Marcia Noyes, of Golden, Colo., swears by the RunKeeper app as she trains for marathons. RunKeeper uses the GPS feature built into the phone enabling a runner to track how far they’ve gone, how long it took, pacing, even heart rate monitoring, synchronize it to a website history and even share data with the runner’s community via Facebook and Twitter. Important to Noyes, the app also provides the data audibly through ear buds.

“I’ve found RunKeeper to be a Baby Boomers God-send! In my last marathon, I realized that I could no longer see my split times with my deteriorating near vision. When I found out about RunKeeper, I discovered that the technology was there for me to get everything right in my ear with regard to pace, mileage, times, etc.,” she said.

Noyes said she also often uses the LoseIt app as well, when she is focusing on weight loss, because “I love knowing how much I’m putting into my body and how much I’m exerting.”

Another popular app is MyFitnessPal, mentioned above, which claims to be “the easiest to use food diary on the web” with over 1 million food items listed in the database, including name brand groceries and restaurant items. Users can even upload their own recipes for calculating calories, tracking carbohydrates, fats, proteins, fiber, etc., and find support for popular diet plans, like Atkins, South Beach and Zone. It also contains over 350 exercises (both cardiovascular and strength training) and social media connections for finding and giving support to others in healthy living.

“I really am enjoying it because it is accessible, easy to use, has a variety of features that allow you to monitor your progress,” said Gayle Harris, director of the Durham County (N.C.) Public Health Department.

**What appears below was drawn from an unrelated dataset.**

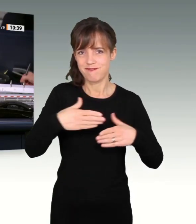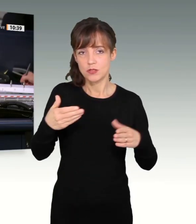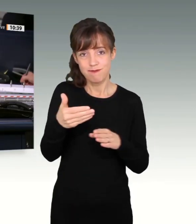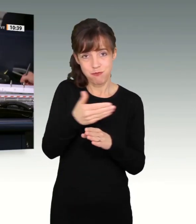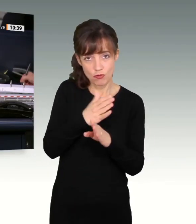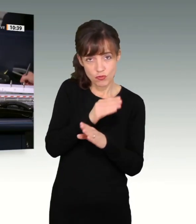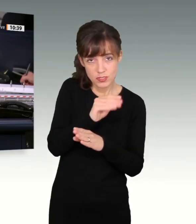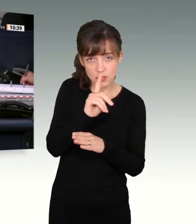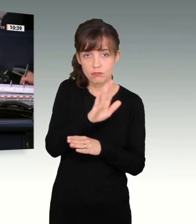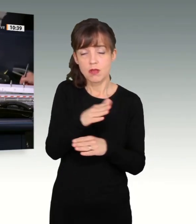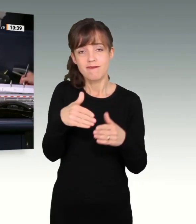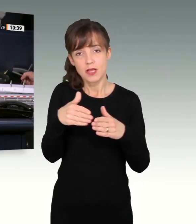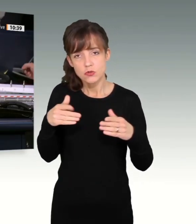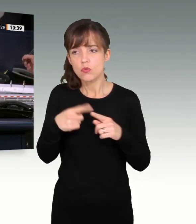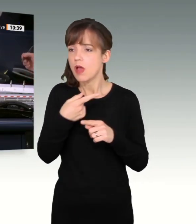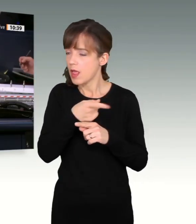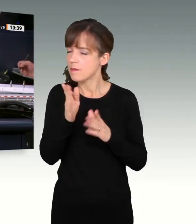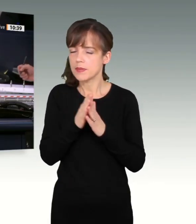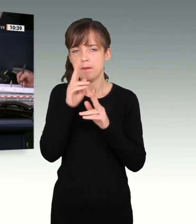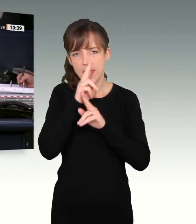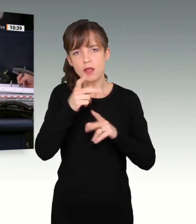Ihre Fraktion, wie auch für alle anderen.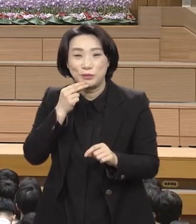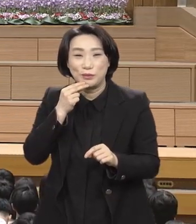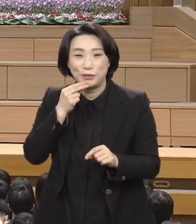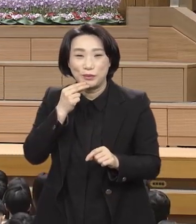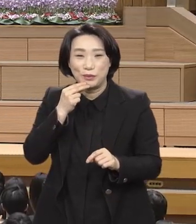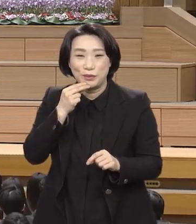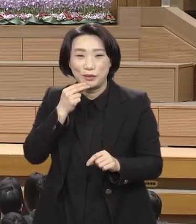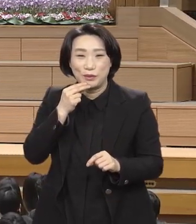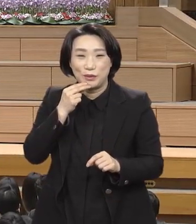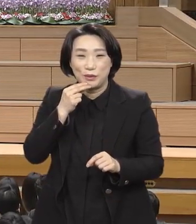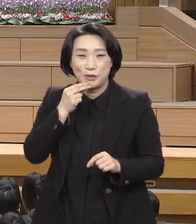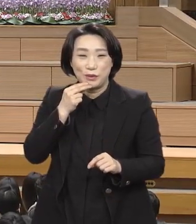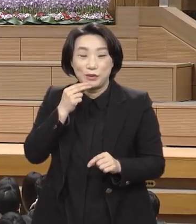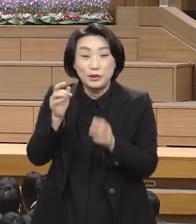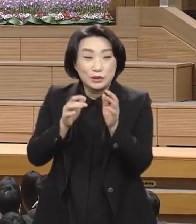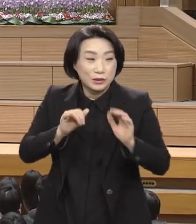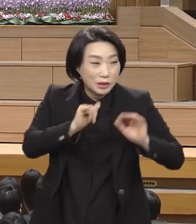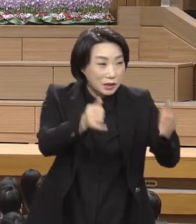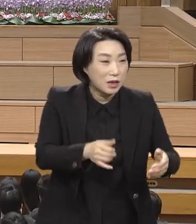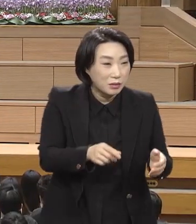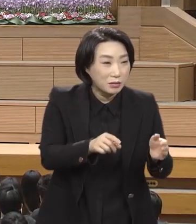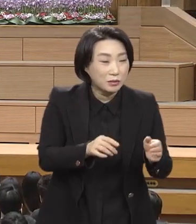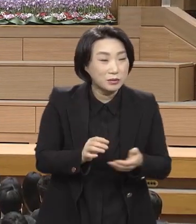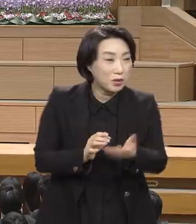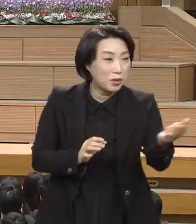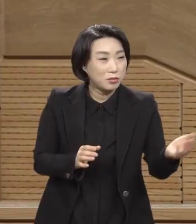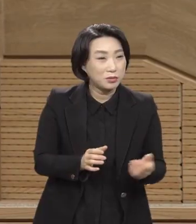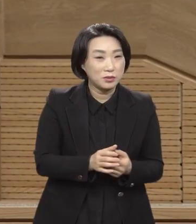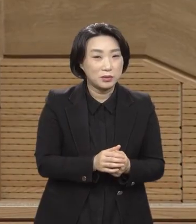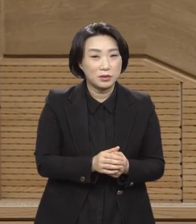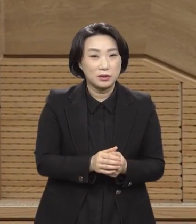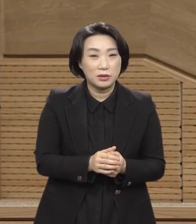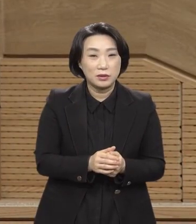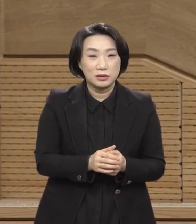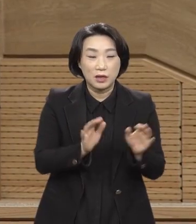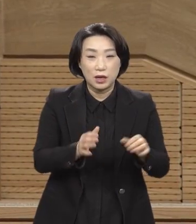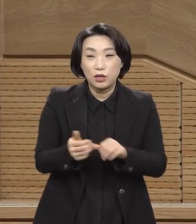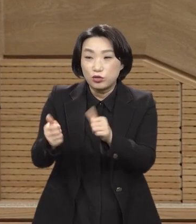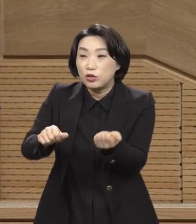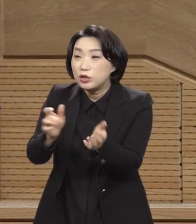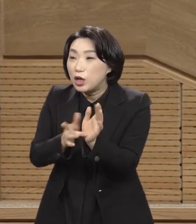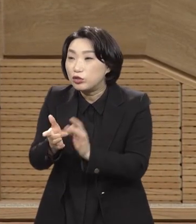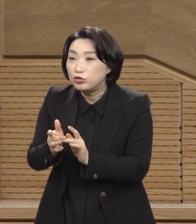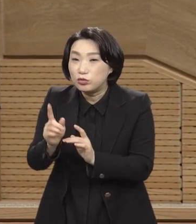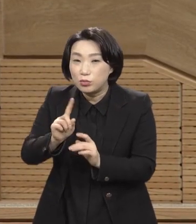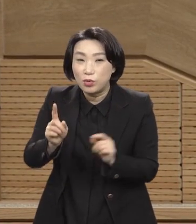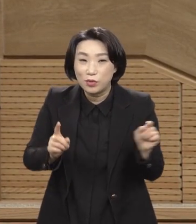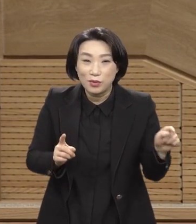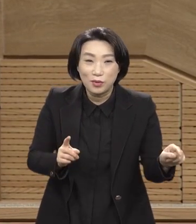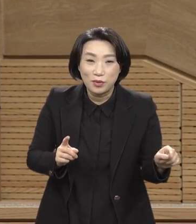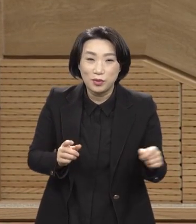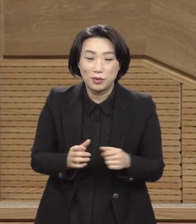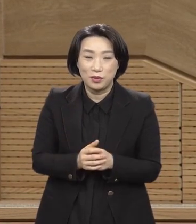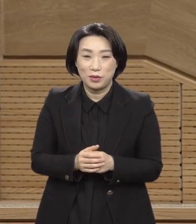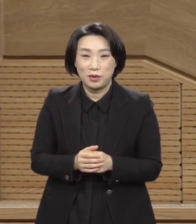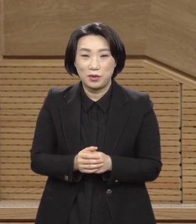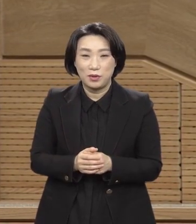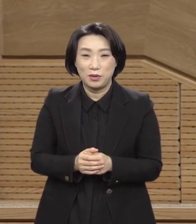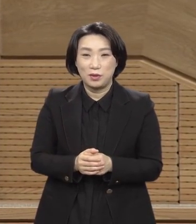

Apps for Credible Health Information

Besides tracking calories or miles run, sometimes what you need most is health information from a trusted source to answer questions, research conditions and help you determine next steps in your care when not in an emergency. Government health agencies, academic institutions and other private health enterprises in recent years have greatly enhanced all manner of their web-accessible health information and social media efforts. Here are a few things you can now do, or recommend to patients that they do, through a phone or tablet:

  • Quit smoking with the help of the Smokefree QuitGuide app from the National Cancer Institute.
  • Find information on seasonal flu, H1N1 flu, public health emergencies and more from the Centers for Disease Control and Prevention through its mobile website at
  • Manage Type 2 diabetes with the help of DiabetesManager, an FDA-approved app from WellDoc that was recently shown in a randomized controlled trial as effective in lowering patients’ A1C blood glucose levels. Results are published in the September issue of the American Diabetes Association’s journal Diabetes Care.
  • Check symptoms, identify pills, search drugs, treatments and a host of health conditions at the free mobile version of WebMD.

In July, the FDA proposed guidelines for mobile health applications, and accepted public comments until October 19. One thing is certain, this whole area of using technology, particularly in terms of mobile phone applications, to manage health and fitness is only likely to grow. With increasing emphasis on prevention and self-management of chronic conditions in an atmosphere of cost containment, phone apps are no longer just for calculating how old you are in monkey years – though there really is an app for that.